The postprocedure CT brain revealed evolution of pneumocephalus, compressing the bilateral
frontal lobes ([Fig. 1C] and [D]). On the next day, the patient had cerebrospinal fluid (CSF) leak from the left
nostril. Conservative treatment was started in the form of bed rest, acetazolamide,
and high-flow oxygen. However, CSF leak from the left nostril persisted. Hence, on
the third day of GKRS, he was taken up for operation. A left frontal craniotomy was
performed and the dural defect was repaired using a pericranial graft augmented with
fat, muscle, and fibrin glue. At 3 months of follow-up, the patient had no CSF rhinorrhea
and a follow-up magnetic resonance imaging (MRI) scan of the brain showed complete
resolution of pneumocephalus and the expected radiation necrosis within the tumor
([Fig. 1E] and [F]).
Discussion
GKRS offers a minimally invasive and a relatively safe alternative to conventional
microsurgery for intracranial lesions. Complications can be broadly categorized into
complications due to radiation and complications related to frame fixation. Rarely,
acute problems from radiosurgery can arise from radiation-induced edema, which can
produce convulsions and new neurological deficits.[2]

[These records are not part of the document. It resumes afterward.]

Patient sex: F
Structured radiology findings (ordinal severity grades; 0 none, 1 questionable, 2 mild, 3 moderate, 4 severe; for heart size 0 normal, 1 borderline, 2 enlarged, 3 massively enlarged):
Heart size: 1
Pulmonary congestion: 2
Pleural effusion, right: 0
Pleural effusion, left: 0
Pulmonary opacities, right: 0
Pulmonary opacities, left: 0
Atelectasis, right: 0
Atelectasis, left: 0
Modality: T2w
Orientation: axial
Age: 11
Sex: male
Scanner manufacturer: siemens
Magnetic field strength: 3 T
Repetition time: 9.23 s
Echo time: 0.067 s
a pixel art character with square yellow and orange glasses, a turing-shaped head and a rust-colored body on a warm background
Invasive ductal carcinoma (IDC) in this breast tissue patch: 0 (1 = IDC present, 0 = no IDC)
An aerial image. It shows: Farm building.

The pin headrest–related complications reported thus far include penetration into
the skull, epidural hematoma, scalp laceration, and tension pneumocephalus.[3] These are generally attributed more to the Mayfield clamp fixation and are more
commonly seen in the pediatric age group.[3] There have been reports of stereotactic frame penetration of the large frontal sinus
causing penetration of the outer cortex, but depressed skull fracture resulting in
pneumocephalus and CSF rhinorrhea has not been reported.[4]

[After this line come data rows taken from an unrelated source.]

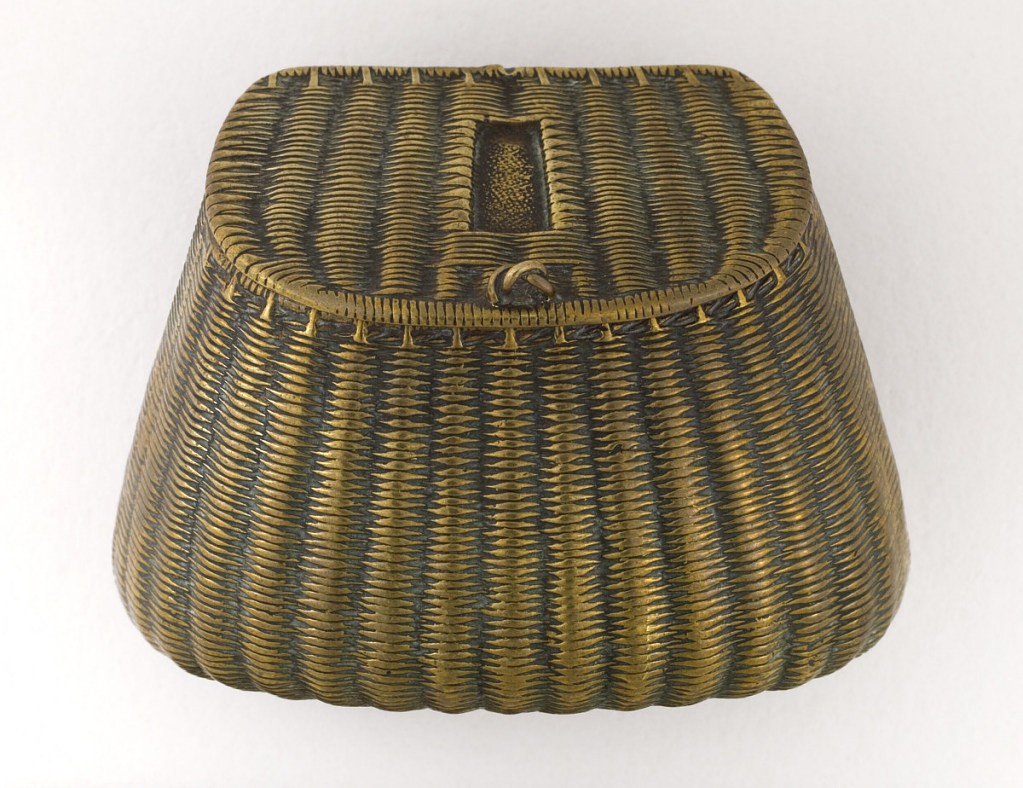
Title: Fishing Basket
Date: late 19th century
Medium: Brass
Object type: Matchsafe
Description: In the form of a fishing basket, with raised, simulated woven straw on canted lid and body, small loop of twisted straw at front of lid, longer twisted loop at basket back, some green patination in crevices. Flat lid hinged on back. Incised lines on bottom serve as striker.
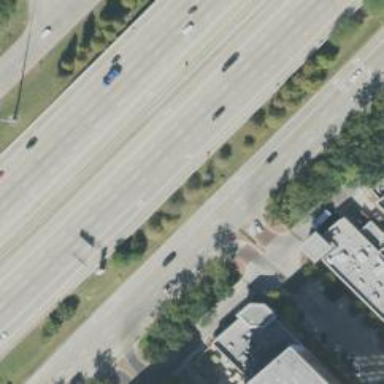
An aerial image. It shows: Secondary road with frontage road.
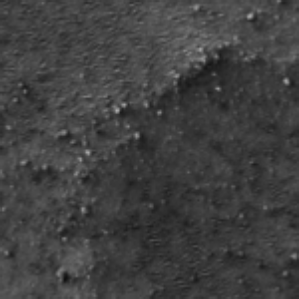
Label: frost
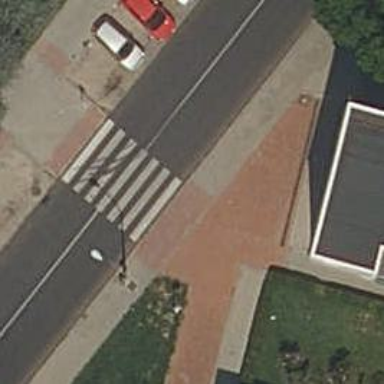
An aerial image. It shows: Uncontrolled road crossing.
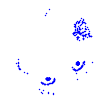
Particle: pion
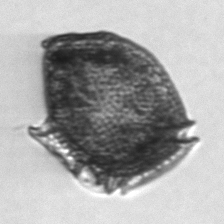
Label: Dinophysis_norvegica
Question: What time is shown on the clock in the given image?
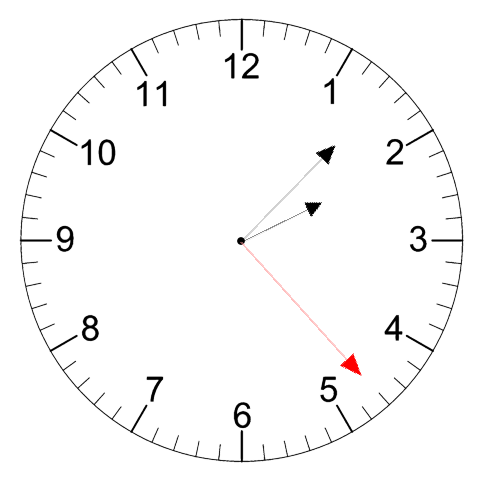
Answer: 02:07:23
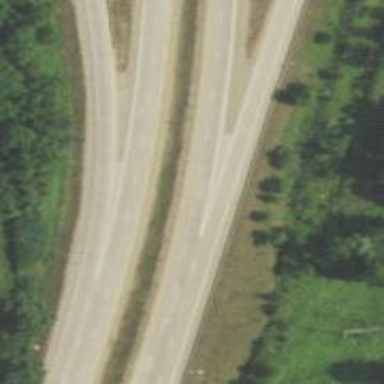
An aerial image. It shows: Motorway junction.
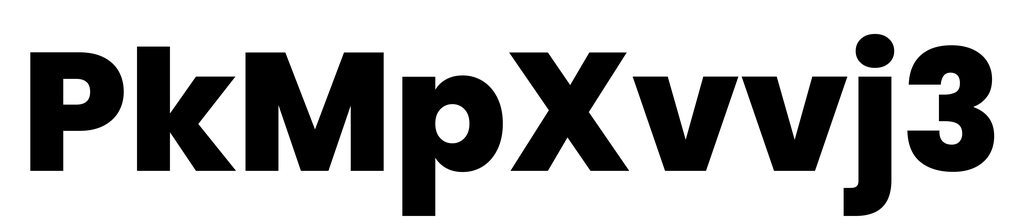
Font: Poppins-ExtraBold

Thinner areas that are more likely to give away, like the frontal sinus, squamous
part of temporal bone, and the coronal suture, should be avoided in pin fixation.[3] One must also be mindful of the craniotomy defects of previous surgeries. Systemic
causes like metastatic tumors, hyperparathyroidism, granulomatous diseases, osteomyelitis,
and bony anomalies such as bone aneurysm, and cystic angiomatosis can also cause thinning
of the bony cortex.[5] Finally, the technique of frame fixation must always be kept in mind as excessive
pressure application while fixing the screws can also be an extremely critical factor.[3] The pins should be tightened on the diagonal with thumb and index finger grip to
limit the torque applied.[6]
GKRS has many subtleties and being a day care procedure, these are often overlooked.

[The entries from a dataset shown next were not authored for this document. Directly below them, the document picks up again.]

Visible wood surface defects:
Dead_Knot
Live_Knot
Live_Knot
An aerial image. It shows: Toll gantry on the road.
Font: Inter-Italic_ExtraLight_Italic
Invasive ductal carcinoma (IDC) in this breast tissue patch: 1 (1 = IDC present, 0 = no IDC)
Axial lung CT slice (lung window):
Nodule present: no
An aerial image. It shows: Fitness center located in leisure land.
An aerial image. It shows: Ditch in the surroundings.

On retrospection, it was proposed that the anatomically large frontal sinus and age-related
osteoporotic thinning of the skull were the factors that predisposed to depressed
skull fracture in our patient. We aim to shed light on one such rare complication
of GKRS frame fixation so that the neurosurgeons can better prepare, be more alert,
and prevent the iatrogenic depressed skull fracture and its sequela.
Conclusion
The occurrence of iatrogenic skull fracture and CSF rhinorrhea after GKRS frame fixation
is rare. The special anatomical features such as abnormally thin skull, large frontal
sinus, and anatomical thinning of the squamous temporal bone and coronal sutures should
be taken into consideration in every patient subjected to GKRS frame fixation.